Forward selection 1 yield the model defined by : ['ssc_p*degree_p', 'Comm&Mgmt*Yes', 'Science*Mkt&HR', 'etest_p*M',
       'etest_p*mba_p', 'ssc_p*Yes', 'Commerce*Yes', 'Science*Comm&Mgmt', 'Comm&Mgmt*Sci&Tech'] It containes only interaction terms :
       
       1/ interaction between ssc_p and degree_p
       2/ interaction between Work experience (Dummy variable) and Comm&Mgmt(Field of degree education)
       3/ Interaction between Science(Specialization in Higher Secondary Education) & Mkt&HR(Post graduation MBA specialization)
       4/ interaction between etest_p and gender
       5/ interaction between etest_p and mba_p
       6/ interaction between ssc_p and work experience
       7/ interaction between Commerce (Specialization in Higher Secondary Education) and work experience
       8/ interaction between Science(Specialization in Higher Secondary Education) and Comm&Mgmt(Field of degree education)
       9/ interaction between Comm&Mgmt and Sci&Tech (Fields of degree education)
 
 L2 Regularization factor value = 1.566343434343434
 
 Let's apply that model for a random train/test split

In [None]:
#Features selected 
X_forward1 = X[['ssc_p*degree_p', 'Comm&Mgmt*Yes', 'Science*Mkt&HR', 'etest_p*M',
       'etest_p*mba_p', 'ssc_p*Yes', 'Commerce*Yes', 'Science*Comm&Mgmt', 'Comm&Mgmt*Sci&Tech']]
#Scaler
scaler = StandardScaler()


In [None]:
random.seed(1)
#Logistic regression
lr1 = LogisticRegression(max_iter=500,C=1/1.566343434343434)
#Train Test split
X_train, X_test, y_train, y_test = train_test_split(X_forward1, y, test_size=0.3)

In [None]:
#Scale Data
X_train = scaler.fit_transform(X_train)
X_test = scaler.transform(X_test)

In [None]:
#Fit the model
lr1.fit(X_train,y_train)
#Predict y_test
predictions = lr1.predict(X_test)
#Print Results
print(confusion_matrix(y_test,predictions))
print('\n')
print(classification_report(y_test,predictions))

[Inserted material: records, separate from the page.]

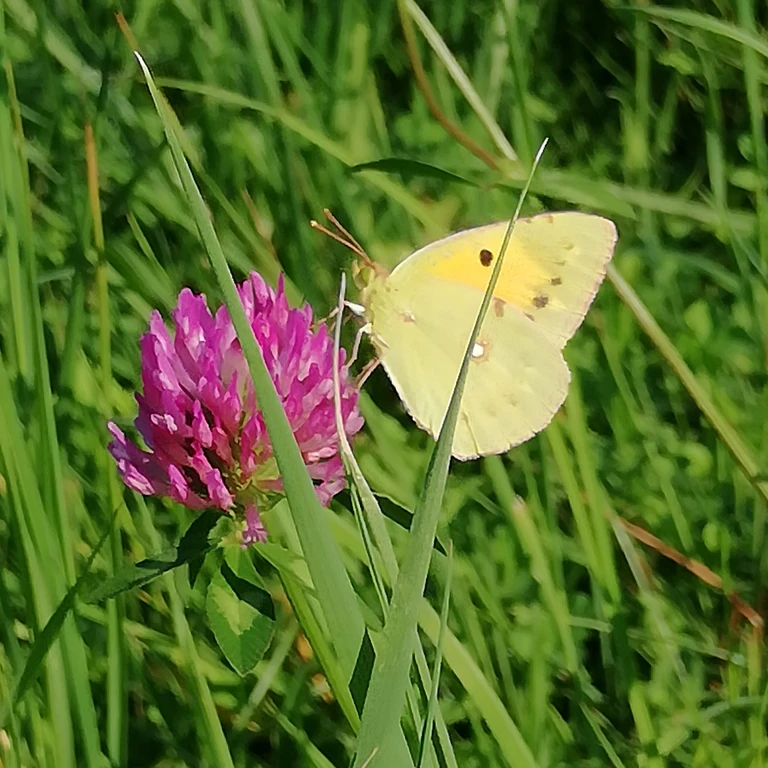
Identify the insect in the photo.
Colias croceus
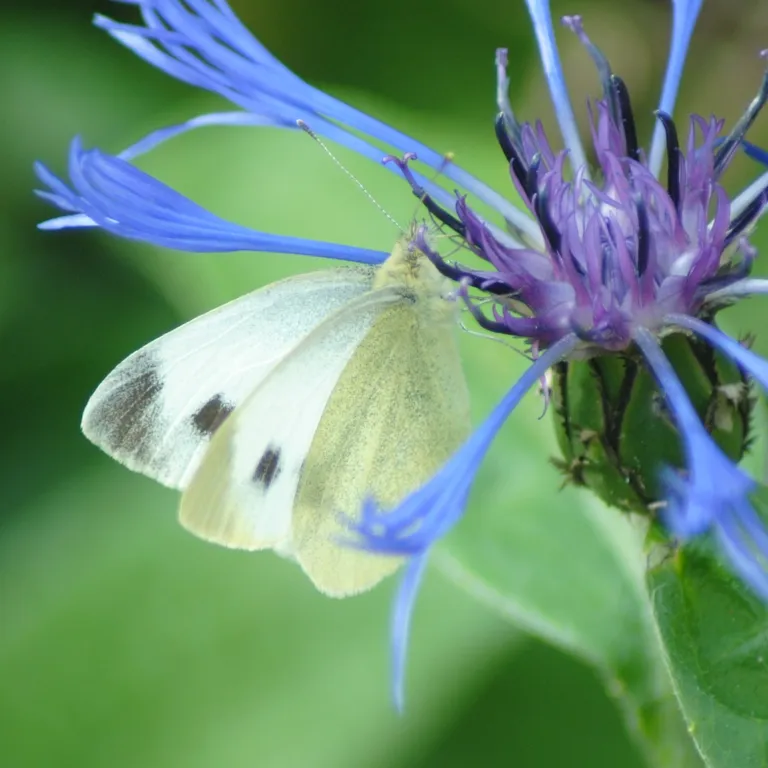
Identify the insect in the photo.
Pieris mannii
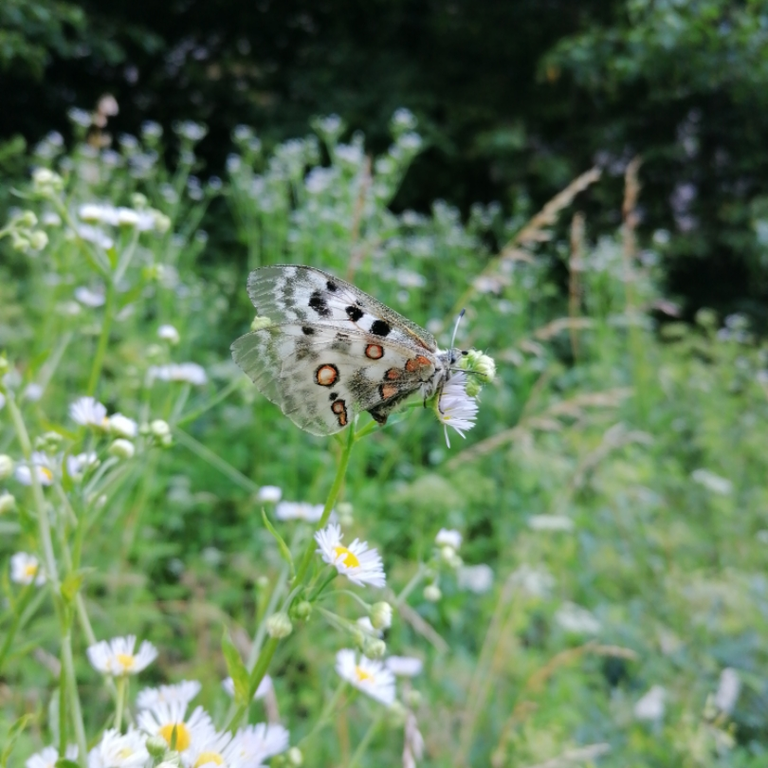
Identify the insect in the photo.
Parnassius apollo
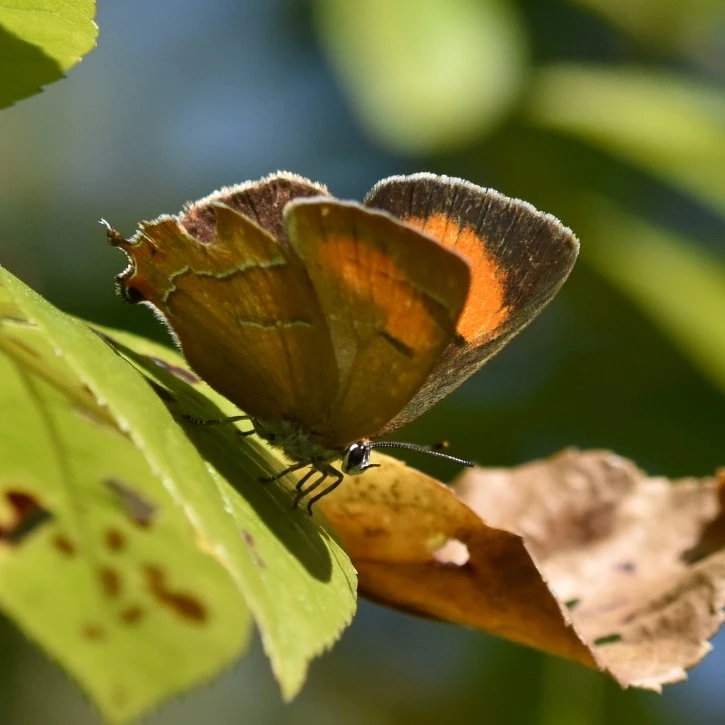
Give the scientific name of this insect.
Thecla betulae
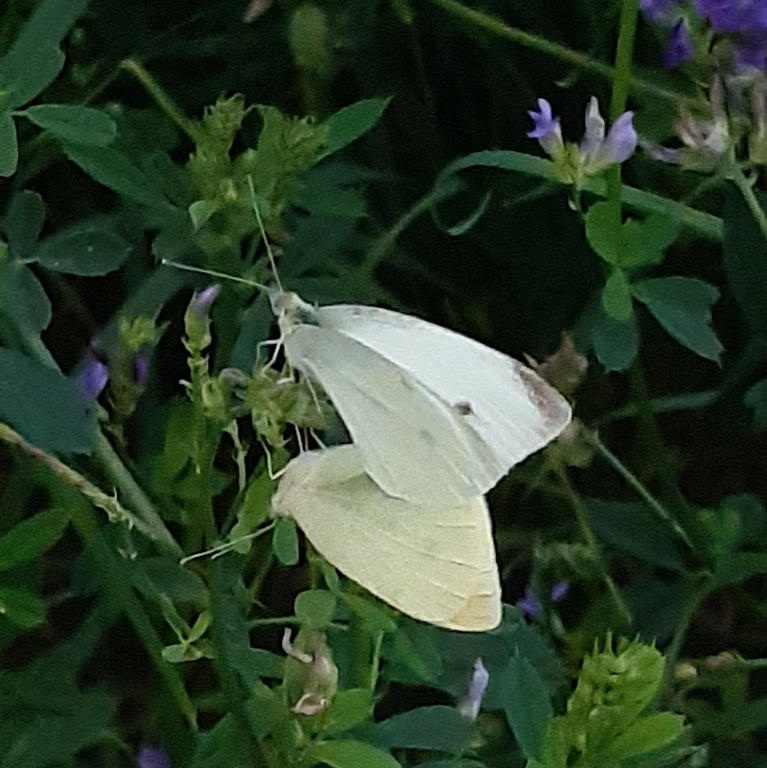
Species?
Pieris rapae
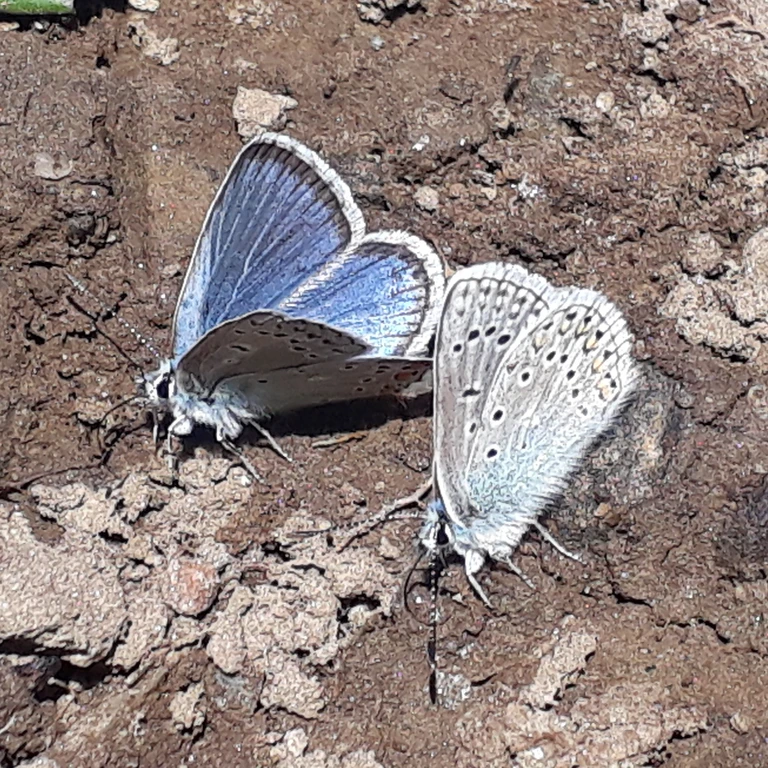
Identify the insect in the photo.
Polyommatus eros

 ==> Better accuracy and f1 score...

In [None]:
#Coefficients
model1_coefficients = pd.DataFrame({'Feature name' : X_forward1.columns , 'Coefficient value': lr1.coef_.reshape(9,)})
model1_coefficients

==> etest_p * gender has a positive coefficient, in contrast etest_p * mba_p coefficient is negative. This might be due to :
    
    1/ females have the best mba grades but there placement ratio is inferior to male's rate 
    2/ Males have better etest grades and better placement ratio (M refers to Male's dummy variable)
    
    See boxplots of grades per gender and placement status

Forward Selection 2 : 
    The best model according to test estimated accuracy is the one defined with : ['ssc_p*degree_p', 'Comm&Mgmt*Yes', 'mba_p', 'Science*Mkt&HR', 'degree_p*M', 'degree_p*etest_p', 'Science*Sci&Tech']
    
    1/ interaction between ssc_p and degree_p
    2/ interaction between Work experience (Dummy variable) and Comm&Mgmt(Field of degree education)
    3/ mba_p
    4/ interaction between Science(Specialization in Higher Secondary Education) & Mkt&HR(Post graduation MBA specialization)
    5/ interaction between degree_p and gender
    6/ interaction between degree_p and etest_p
    7/ interaction between Science(Specialization in Higher Secondary Education) and Sci&Tech(Field of degree education)
    
   L2 Regularization factor value =  1.364363636363636
   
    Let's apply that model for a random train/test split

In [None]:
#Features selected 
X_forward2 = X[['ssc_p*degree_p', 'Comm&Mgmt*Yes', 'mba_p', 'Science*Mkt&HR', 'degree_p*M', 'degree_p*etest_p', 'Science*Sci&Tech']]
#Scale
scaler = StandardScaler()

In [None]:
random.seed(1)
#Logistic regression
lr2 = LogisticRegression(max_iter=500,C=1/1.364363636363636)
#Train Test split
X_train, X_test, y_train, y_test = train_test_split(X_forward2, y, test_size=0.3)

In [None]:
#Scaler Data
X_train = scaler.fit_transform(X_train)
X_test = scaler.transform(X_test)

In [None]:
#Fit the model
lr2.fit(X_train,y_train)
#Predict y_test
predictions = lr2.predict(X_test)
#Print Results
print(confusion_matrix(y_test,predictions))
print('\n')
print(classification_report(y_test,predictions))

In [None]:
#Coefficients 

model2_coefficients = pd.DataFrame({'Feature name' : X_forward2.columns , 'Coefficient value': lr2.coef_.reshape(7,)})
model2_coefficients

In [None]:
#Results might differ due to randomnes, I tried to make use of random.seed... Thanks!